[Saved entries]
**********
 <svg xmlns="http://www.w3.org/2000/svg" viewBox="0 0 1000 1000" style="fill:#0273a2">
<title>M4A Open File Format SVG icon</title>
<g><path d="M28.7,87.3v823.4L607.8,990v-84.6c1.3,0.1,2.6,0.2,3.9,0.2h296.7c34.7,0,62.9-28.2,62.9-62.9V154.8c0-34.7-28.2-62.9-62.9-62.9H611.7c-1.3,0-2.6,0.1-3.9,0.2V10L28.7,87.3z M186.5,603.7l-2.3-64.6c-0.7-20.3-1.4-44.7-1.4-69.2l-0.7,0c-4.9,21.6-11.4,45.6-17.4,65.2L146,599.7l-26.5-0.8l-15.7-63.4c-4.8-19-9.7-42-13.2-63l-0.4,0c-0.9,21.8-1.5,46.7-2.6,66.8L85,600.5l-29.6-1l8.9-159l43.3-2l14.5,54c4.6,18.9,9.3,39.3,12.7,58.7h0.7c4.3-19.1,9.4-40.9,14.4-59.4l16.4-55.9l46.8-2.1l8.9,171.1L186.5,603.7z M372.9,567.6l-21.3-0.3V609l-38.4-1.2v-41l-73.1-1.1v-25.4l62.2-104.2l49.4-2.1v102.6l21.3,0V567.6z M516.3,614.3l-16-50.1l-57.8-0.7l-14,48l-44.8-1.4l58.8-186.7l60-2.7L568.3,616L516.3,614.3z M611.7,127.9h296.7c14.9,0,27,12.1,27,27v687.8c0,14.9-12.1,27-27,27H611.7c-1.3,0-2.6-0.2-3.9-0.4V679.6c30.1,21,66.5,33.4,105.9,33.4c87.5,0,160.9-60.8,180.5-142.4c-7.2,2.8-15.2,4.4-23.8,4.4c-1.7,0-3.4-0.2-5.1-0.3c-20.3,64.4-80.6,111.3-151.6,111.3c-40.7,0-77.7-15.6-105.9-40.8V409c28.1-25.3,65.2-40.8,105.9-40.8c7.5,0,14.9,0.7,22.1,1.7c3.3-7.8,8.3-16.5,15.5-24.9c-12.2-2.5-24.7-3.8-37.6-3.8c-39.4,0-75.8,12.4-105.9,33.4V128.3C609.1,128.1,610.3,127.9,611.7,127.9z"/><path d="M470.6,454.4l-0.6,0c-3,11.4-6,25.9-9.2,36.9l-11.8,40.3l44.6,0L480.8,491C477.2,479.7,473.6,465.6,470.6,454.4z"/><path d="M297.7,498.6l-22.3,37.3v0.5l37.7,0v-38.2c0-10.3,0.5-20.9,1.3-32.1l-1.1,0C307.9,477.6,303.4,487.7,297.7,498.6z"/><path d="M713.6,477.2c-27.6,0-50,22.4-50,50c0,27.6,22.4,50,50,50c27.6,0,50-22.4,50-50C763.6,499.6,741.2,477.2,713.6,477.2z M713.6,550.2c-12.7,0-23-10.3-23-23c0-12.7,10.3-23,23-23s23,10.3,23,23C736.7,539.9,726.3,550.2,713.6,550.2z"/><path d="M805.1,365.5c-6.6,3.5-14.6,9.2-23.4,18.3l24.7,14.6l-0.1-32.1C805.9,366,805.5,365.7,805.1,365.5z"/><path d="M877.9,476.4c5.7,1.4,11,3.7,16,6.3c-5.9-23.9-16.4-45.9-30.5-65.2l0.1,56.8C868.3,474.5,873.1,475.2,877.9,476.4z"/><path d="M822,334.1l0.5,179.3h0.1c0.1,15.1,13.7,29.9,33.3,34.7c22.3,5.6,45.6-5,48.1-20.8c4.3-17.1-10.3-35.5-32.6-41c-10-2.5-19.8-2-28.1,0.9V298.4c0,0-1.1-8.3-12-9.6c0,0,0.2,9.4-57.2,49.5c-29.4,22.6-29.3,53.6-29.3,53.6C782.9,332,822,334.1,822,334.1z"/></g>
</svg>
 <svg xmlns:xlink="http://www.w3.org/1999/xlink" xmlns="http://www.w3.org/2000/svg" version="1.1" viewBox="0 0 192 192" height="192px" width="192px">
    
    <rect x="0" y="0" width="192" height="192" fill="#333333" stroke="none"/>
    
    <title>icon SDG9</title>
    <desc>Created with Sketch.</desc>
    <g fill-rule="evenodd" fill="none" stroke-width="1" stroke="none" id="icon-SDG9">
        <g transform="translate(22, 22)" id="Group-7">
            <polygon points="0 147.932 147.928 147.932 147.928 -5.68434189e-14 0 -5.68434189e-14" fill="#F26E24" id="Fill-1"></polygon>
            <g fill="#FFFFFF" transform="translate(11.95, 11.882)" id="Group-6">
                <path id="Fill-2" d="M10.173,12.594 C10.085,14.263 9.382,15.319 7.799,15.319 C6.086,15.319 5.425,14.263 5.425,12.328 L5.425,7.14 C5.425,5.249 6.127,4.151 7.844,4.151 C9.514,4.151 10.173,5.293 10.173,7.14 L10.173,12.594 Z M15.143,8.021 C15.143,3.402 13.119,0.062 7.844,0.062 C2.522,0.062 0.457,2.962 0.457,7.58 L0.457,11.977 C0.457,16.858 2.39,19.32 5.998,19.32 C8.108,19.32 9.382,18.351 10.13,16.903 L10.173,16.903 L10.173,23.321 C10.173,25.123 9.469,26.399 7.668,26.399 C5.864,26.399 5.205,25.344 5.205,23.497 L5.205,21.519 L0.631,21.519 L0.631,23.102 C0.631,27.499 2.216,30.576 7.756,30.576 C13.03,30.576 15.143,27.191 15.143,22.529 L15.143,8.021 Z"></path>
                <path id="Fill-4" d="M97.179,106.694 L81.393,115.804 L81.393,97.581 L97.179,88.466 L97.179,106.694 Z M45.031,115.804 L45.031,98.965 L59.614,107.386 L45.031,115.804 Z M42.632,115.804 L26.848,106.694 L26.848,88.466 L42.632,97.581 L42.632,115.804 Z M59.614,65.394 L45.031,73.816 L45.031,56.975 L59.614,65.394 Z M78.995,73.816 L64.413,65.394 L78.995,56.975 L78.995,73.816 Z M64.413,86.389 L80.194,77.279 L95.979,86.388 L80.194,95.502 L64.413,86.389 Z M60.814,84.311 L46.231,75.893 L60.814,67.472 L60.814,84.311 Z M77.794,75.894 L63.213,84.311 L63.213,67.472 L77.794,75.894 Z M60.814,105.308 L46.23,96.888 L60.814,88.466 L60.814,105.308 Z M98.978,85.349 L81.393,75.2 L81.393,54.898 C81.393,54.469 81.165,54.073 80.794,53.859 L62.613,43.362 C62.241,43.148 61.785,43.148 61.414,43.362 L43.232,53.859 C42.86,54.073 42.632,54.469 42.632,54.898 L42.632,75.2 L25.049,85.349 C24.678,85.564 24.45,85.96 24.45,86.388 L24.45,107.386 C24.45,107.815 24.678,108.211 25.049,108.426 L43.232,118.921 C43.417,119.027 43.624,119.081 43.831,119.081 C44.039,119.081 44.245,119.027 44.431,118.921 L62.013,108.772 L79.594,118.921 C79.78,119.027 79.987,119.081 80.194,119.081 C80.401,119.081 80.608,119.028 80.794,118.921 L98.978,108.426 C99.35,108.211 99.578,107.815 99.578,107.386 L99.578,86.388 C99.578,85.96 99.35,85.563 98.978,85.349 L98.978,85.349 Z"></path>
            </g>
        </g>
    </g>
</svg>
**********
● Brief
Beginning at the top of the records above, transcribe each line exactly up to and including the line that holds "<title>M4A Open File Format SVG icon</title>".

● Expected answer
 <svg xmlns="http://www.w3.org/2000/svg" viewBox="0 0 1000 1000" style="fill:#0273a2">
<title>M4A Open File Format SVG icon</title>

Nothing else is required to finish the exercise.